For practical adoption in organizational auditing, the proposed intelligent risk assessment framework is designed to function as a decision-support tool rather than a fully automated replacement for auditors. In a typical workflow, the model would be integrated into the early planning and risk assessment phase of an audit. Organizational data are processed through the trained classification model to generate risk scores and binary risk labels for audited entities. These outputs enable auditors to prioritize entities, processes, or documents that require deeper examination, thereby optimizing the allocation of audit resources. User interaction with the system is assumed at multiple stages. Auditors are provided with model predictions and SHAP-based explanations that highlight the most influential risk indicators contributing to each high-risk classification. Consistently high SHAP contributions for governance-related or operational risk features may prompt targeted control testing or interviews. This interpretation aligns with risk-based auditing principles, where explainability supports transparency and traceability of audit judgments. Crucially, the framework incorporates override and validation mechanisms to preserve professional judgment. Auditors may override model predictions based on domain knowledge, contextual information, or evidence not captured in the data. Such overrides can be logged for documentation and post-audit review, ensuring accountability and compliance with audit standards. This approach ensures that automated assessments augment rather than constrain auditor expertise. The proposed decision protocol follows a structured sequence: automated risk scoring and classification, explainability-driven review using SHAP outputs, auditor validation or override based on professional assessment, and final audit decisions supported by documented evidence. By combining predictive analytics with transparent explanations and human oversight, the framework aligns with established audit and compliance practices and supports responsible deployment of AI in organizational auditing.

V.CONCLUSION

This research highlighted the effectiveness of integrating ML and DL models into organizational auditing to identify and evaluate systematic risk. The experimental analysis was conducted on a dataset of 773 organizational units using a multi-stage pipeline that included scaling, feature selection, Correlation analysis, SHAP analysis, and classification with ML and DL models.

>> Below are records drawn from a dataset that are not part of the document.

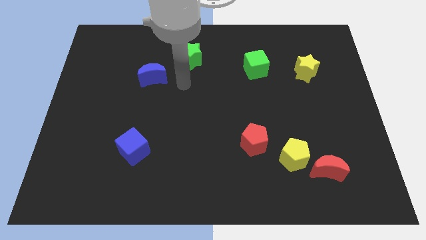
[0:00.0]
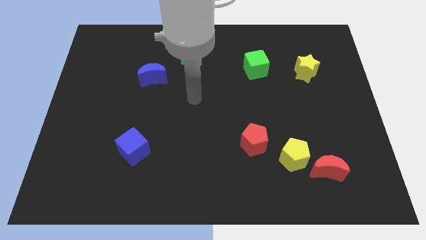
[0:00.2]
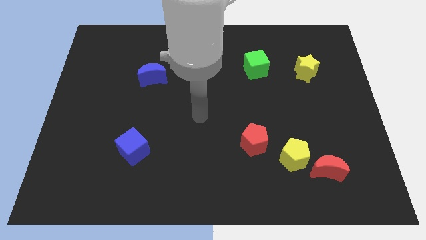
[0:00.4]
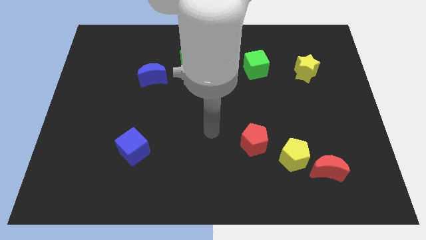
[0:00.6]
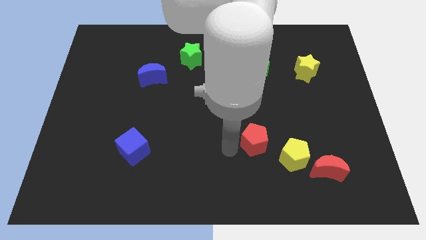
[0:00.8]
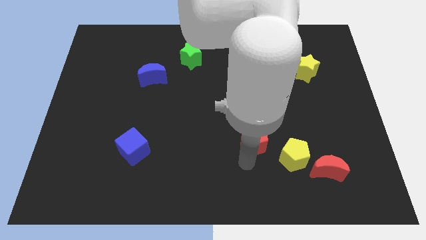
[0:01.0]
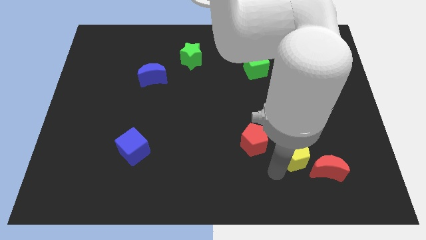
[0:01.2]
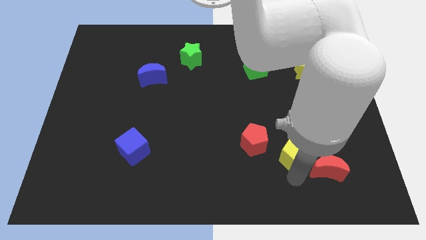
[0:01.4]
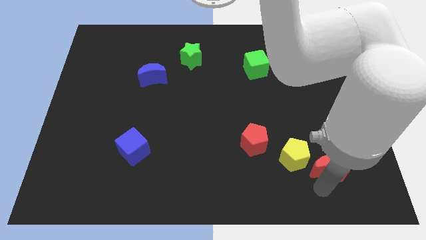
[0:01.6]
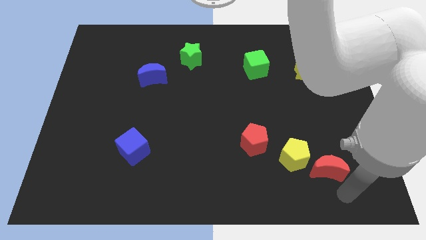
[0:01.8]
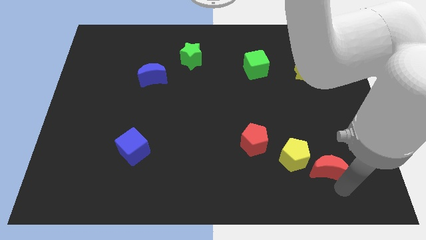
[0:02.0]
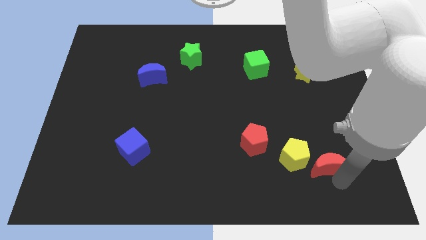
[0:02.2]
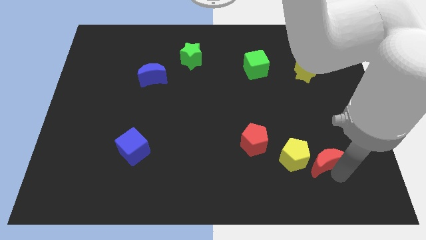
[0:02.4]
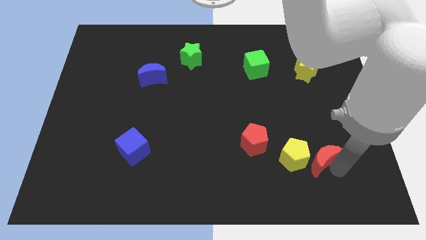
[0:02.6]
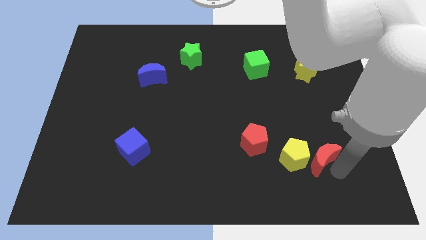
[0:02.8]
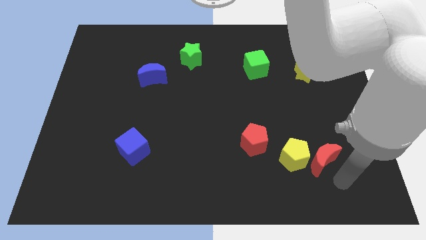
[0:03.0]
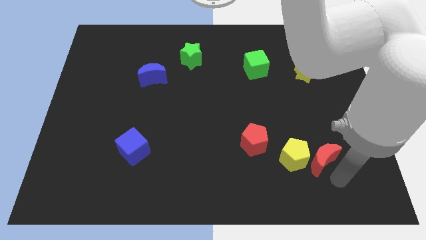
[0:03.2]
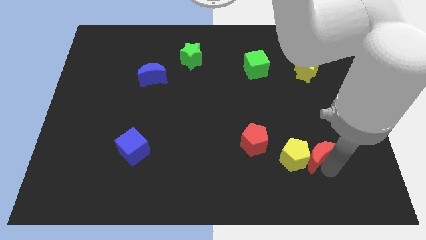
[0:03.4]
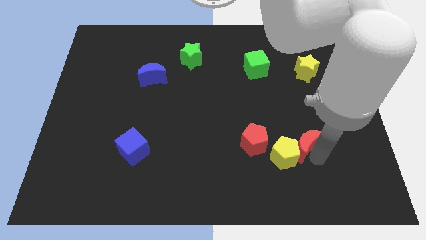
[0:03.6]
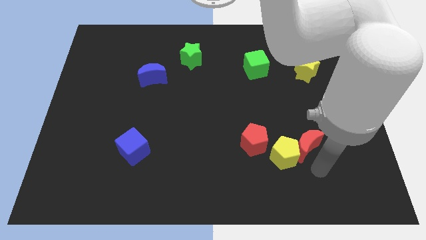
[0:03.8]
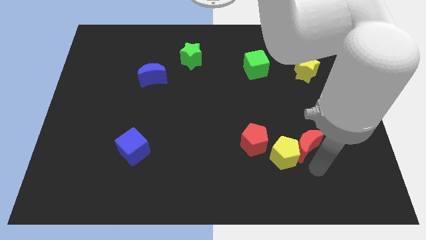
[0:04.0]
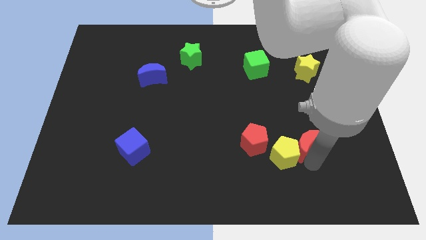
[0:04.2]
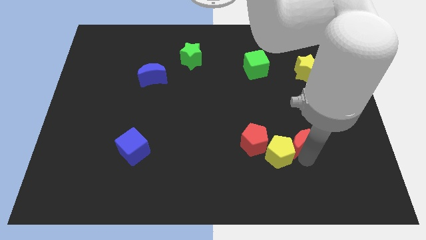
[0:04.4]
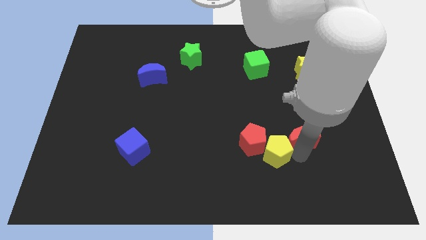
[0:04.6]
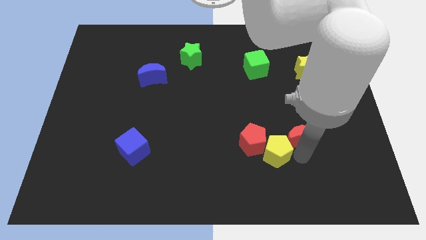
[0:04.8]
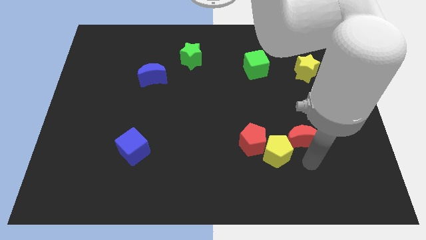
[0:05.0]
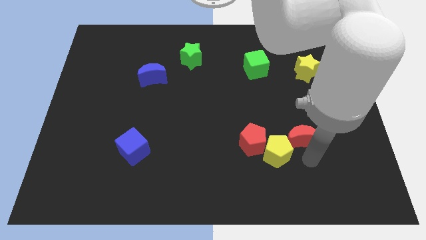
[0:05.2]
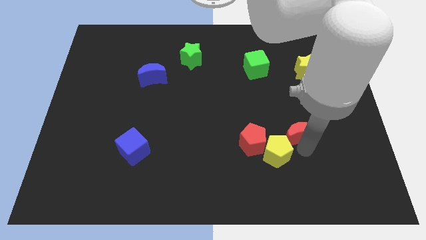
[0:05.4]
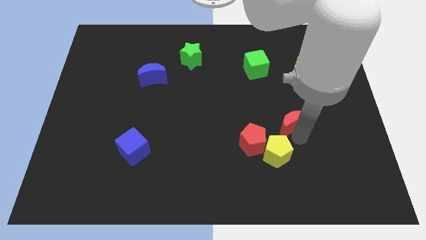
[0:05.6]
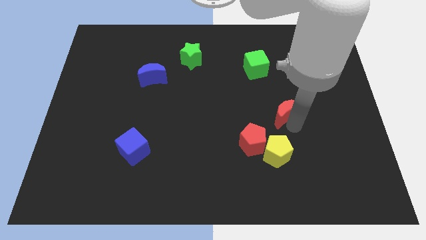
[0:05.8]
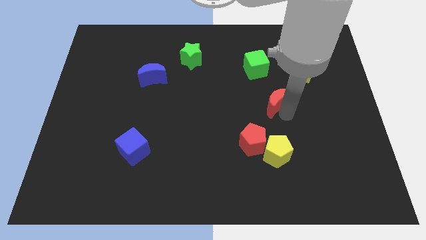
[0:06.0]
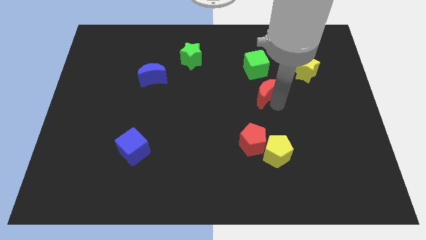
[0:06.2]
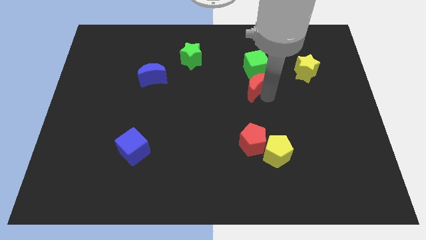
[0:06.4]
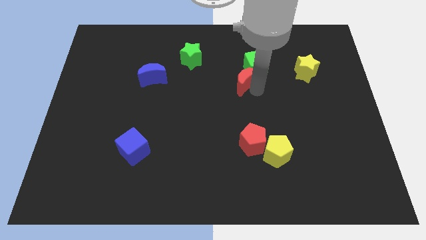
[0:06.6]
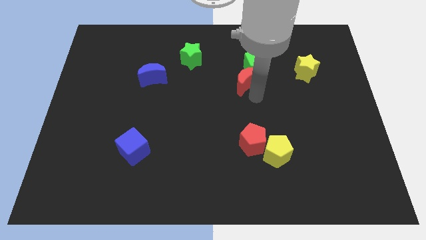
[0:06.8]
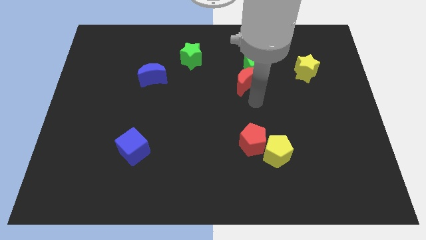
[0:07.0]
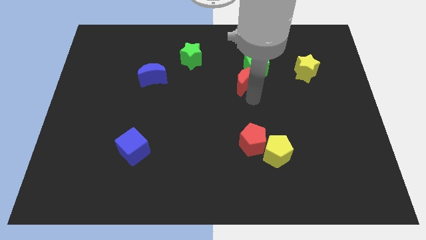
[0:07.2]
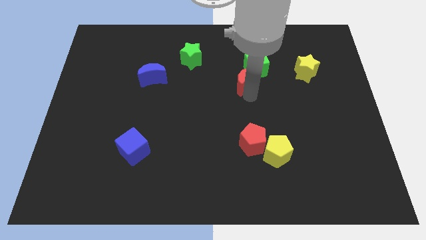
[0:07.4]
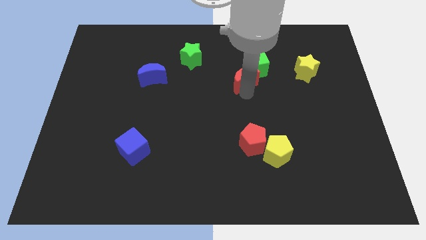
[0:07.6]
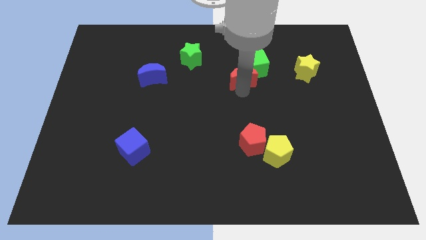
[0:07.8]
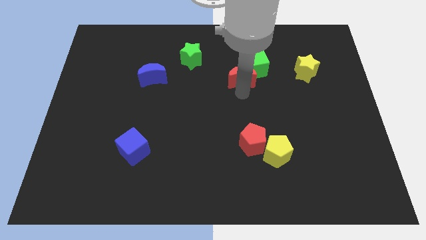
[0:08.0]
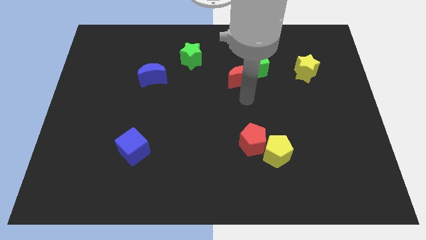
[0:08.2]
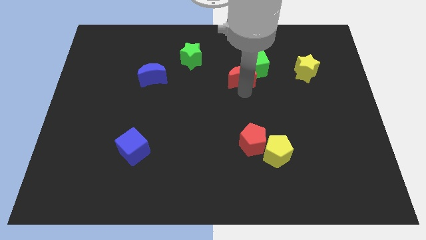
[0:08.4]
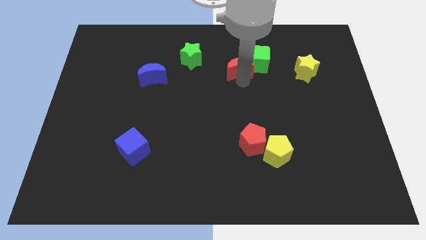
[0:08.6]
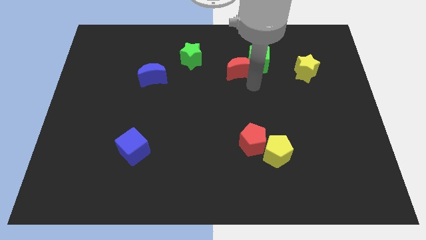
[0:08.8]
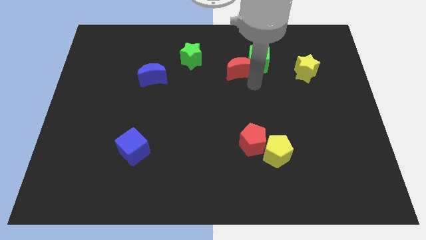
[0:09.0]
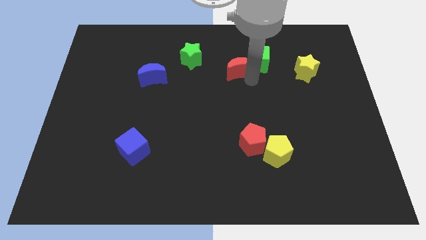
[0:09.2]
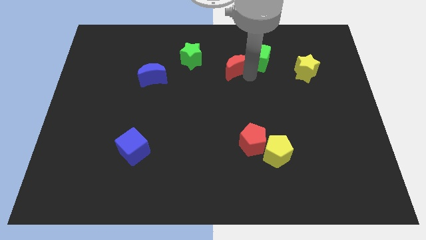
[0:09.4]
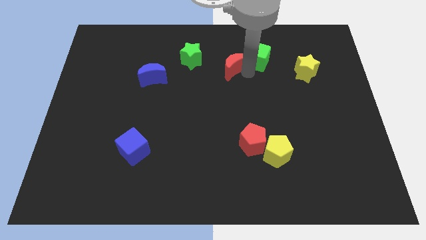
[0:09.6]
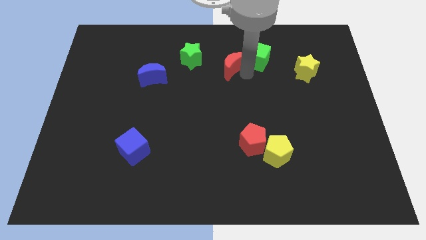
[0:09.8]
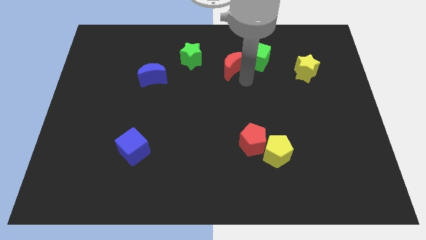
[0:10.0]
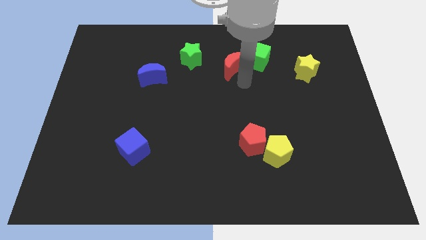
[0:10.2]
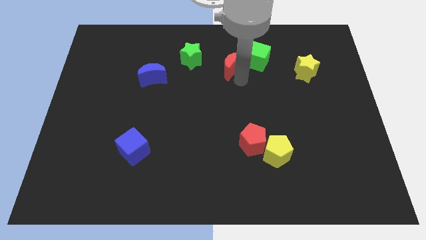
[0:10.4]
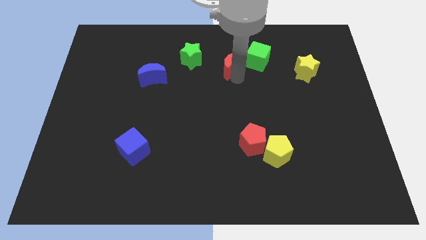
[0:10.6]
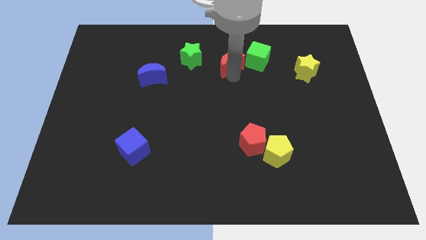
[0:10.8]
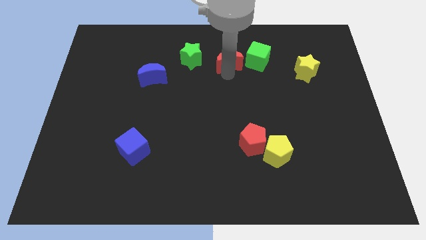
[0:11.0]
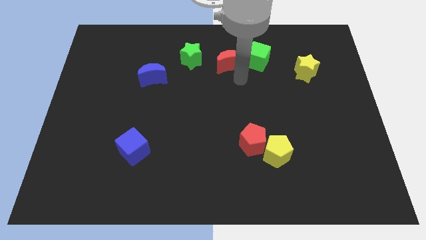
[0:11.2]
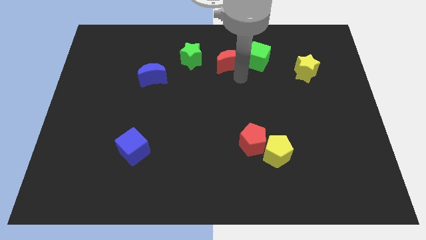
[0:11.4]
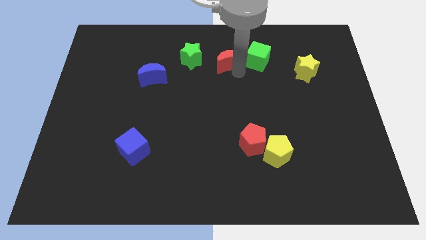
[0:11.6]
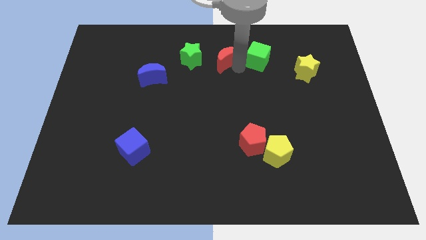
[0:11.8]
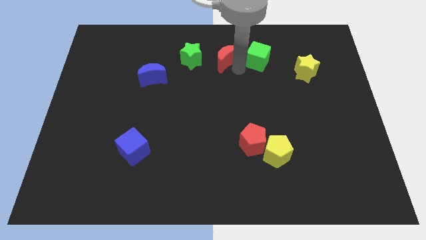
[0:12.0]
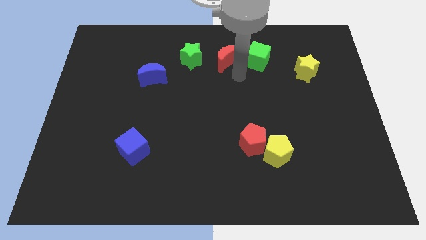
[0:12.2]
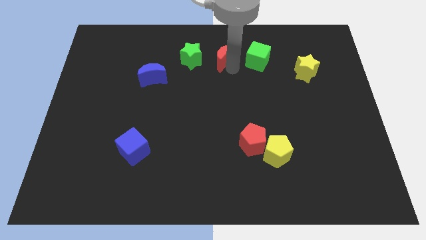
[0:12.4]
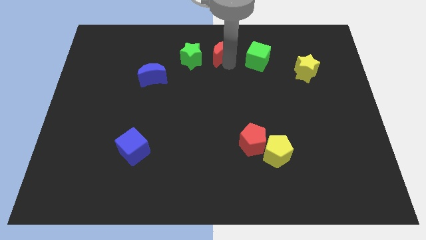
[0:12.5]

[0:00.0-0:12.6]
put the red moon to the towards your base

The sensitivity analysis was performed by reducing the original 26 features to the top-10 and top-14 ranked variables and then to a compact subset of 7 features after removing highly correlated ones. The classification results with Chi-square feature selection closely matched cross-validated training performance, achieving 0.956–0.964 in accuracy for XGBoost and RF models. In the NN scenario, DNN achieved the best results, with an accuracy of 0.949 and an F1 of 0.950, but LSTM, CNN-LSTM, and LSTM-GRU showed moderate performance, with accuracy scores of 0.850–0.880 and F1-scores of 0.844–0.873. The Mutual Information feature selection increased predictive separability, with DT and RF achieving accuracy scores of 0.987-0.990, respectively, and XGBoost achieving 0.990. In DL experiments, performance shifted toward higher sensitivity to risky entities: LSTM improved to 0.910, CNN-LSTM achieved a recall of 0.958, and LSTM-GRU reached an accuracy of 0.889. Overall, the Chi-square showed balanced and stable DL performance, whereas Mutual Information enhanced recall and class separability for recurrent and hybrid models. Generally, the significance of this research lies in its direct applicability to real-world organizational auditing and risk management. Overall, the proposed framework demonstrated how ML and DL models could be systematically integrated into audit workflows to support early risk identification, audit prioritization, and efficient allocation of audit resources. In future work, it is planned to expand the audit dataset and integrate additional ML and DL models.